→ **PROBLEM TO WORK ON**:
Each record should be reproduced exactly.

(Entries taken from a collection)
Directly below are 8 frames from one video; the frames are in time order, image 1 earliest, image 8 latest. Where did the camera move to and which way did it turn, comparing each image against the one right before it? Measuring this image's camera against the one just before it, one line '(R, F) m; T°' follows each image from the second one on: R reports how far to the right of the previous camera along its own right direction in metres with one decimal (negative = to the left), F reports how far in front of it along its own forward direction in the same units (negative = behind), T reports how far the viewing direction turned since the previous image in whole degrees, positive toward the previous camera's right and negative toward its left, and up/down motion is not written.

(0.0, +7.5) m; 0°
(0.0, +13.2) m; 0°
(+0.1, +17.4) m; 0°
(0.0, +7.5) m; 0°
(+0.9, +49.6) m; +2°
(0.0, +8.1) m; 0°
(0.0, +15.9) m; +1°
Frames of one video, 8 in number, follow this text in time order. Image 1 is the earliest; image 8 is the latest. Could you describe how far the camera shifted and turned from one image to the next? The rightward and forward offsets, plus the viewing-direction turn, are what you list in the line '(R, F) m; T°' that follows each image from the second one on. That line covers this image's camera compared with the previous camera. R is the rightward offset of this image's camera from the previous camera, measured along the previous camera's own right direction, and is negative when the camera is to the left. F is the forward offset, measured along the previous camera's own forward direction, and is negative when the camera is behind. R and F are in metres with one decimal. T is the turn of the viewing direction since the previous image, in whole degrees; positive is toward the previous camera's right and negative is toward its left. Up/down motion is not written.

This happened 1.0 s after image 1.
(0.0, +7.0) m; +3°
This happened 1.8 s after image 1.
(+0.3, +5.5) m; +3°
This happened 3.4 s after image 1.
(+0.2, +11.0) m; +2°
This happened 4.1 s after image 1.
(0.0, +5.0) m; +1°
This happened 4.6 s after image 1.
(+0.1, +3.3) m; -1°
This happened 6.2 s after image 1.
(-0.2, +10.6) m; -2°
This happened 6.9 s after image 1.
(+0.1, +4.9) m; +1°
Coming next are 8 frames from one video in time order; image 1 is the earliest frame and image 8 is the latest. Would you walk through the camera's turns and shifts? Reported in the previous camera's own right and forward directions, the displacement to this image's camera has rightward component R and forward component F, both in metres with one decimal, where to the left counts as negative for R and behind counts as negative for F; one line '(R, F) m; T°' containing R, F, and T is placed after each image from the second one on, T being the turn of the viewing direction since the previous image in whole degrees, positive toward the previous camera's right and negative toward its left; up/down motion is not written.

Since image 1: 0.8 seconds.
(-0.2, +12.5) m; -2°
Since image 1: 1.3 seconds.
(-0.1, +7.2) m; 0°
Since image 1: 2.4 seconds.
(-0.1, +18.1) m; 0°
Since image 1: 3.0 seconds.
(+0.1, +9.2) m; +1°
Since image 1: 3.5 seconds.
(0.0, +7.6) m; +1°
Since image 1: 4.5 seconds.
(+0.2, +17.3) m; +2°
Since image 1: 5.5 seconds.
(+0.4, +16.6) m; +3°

→ **RESPONSE TO THIS EXERCISE**:
Directly below are 8 frames from one video; the frames are in time order, image 1 earliest, image 8 latest. Where did the camera move to and which way did it turn, comparing each image against the one right before it? Measuring this image's camera against the one just before it, one line '(R, F) m; T°' follows each image from the second one on: R reports how far to the right of the previous camera along its own right direction in metres with one decimal (negative = to the left), F reports how far in front of it along its own forward direction in the same units (negative = behind), T reports how far the viewing direction turned since the previous image in whole degrees, positive toward the previous camera's right and negative toward its left, and up/down motion is not written.

(0.0, +7.5) m; 0°
(0.0, +13.2) m; 0°
(+0.1, +17.4) m; 0°
(0.0, +7.5) m; 0°
(+0.9, +49.6) m; +2°
(0.0, +8.1) m; 0°
(0.0, +15.9) m; +1°
Frames of one video, 8 in number, follow this text in time order. Image 1 is the earliest; image 8 is the latest. Could you describe how far the camera shifted and turned from one image to the next? The rightward and forward offsets, plus the viewing-direction turn, are what you list in the line '(R, F) m; T°' that follows each image from the second one on. That line covers this image's camera compared with the previous camera. R is the rightward offset of this image's camera from the previous camera, measured along the previous camera's own right direction, and is negative when the camera is to the left. F is the forward offset, measured along the previous camera's own forward direction, and is negative when the camera is behind. R and F are in metres with one decimal. T is the turn of the viewing direction since the previous image, in whole degrees; positive is toward the previous camera's right and negative is toward its left. Up/down motion is not written.

This happened 1.0 s after image 1.
(0.0, +7.0) m; +3°
This happened 1.8 s after image 1.
(+0.3, +5.5) m; +3°
This happened 3.4 s after image 1.
(+0.2, +11.0) m; +2°
This happened 4.1 s after image 1.
(0.0, +5.0) m; +1°
This happened 4.6 s after image 1.
(+0.1, +3.3) m; -1°
This happened 6.2 s after image 1.
(-0.2, +10.6) m; -2°
This happened 6.9 s after image 1.
(+0.1, +4.9) m; +1°
Coming next are 8 frames from one video in time order; image 1 is the earliest frame and image 8 is the latest. Would you walk through the camera's turns and shifts? Reported in the previous camera's own right and forward directions, the displacement to this image's camera has rightward component R and forward component F, both in metres with one decimal, where to the left counts as negative for R and behind counts as negative for F; one line '(R, F) m; T°' containing R, F, and T is placed after each image from the second one on, T being the turn of the viewing direction since the previous image in whole degrees, positive toward the previous camera's right and negative toward its left; up/down motion is not written.

Since image 1: 0.8 seconds.
(-0.2, +12.5) m; -2°
Since image 1: 1.3 seconds.
(-0.1, +7.2) m; 0°
Since image 1: 2.4 seconds.
(-0.1, +18.1) m; 0°
Since image 1: 3.0 seconds.
(+0.1, +9.2) m; +1°
Since image 1: 3.5 seconds.
(0.0, +7.6) m; +1°
Since image 1: 4.5 seconds.
(+0.2, +17.3) m; +2°
Since image 1: 5.5 seconds.
(+0.4, +16.6) m; +3°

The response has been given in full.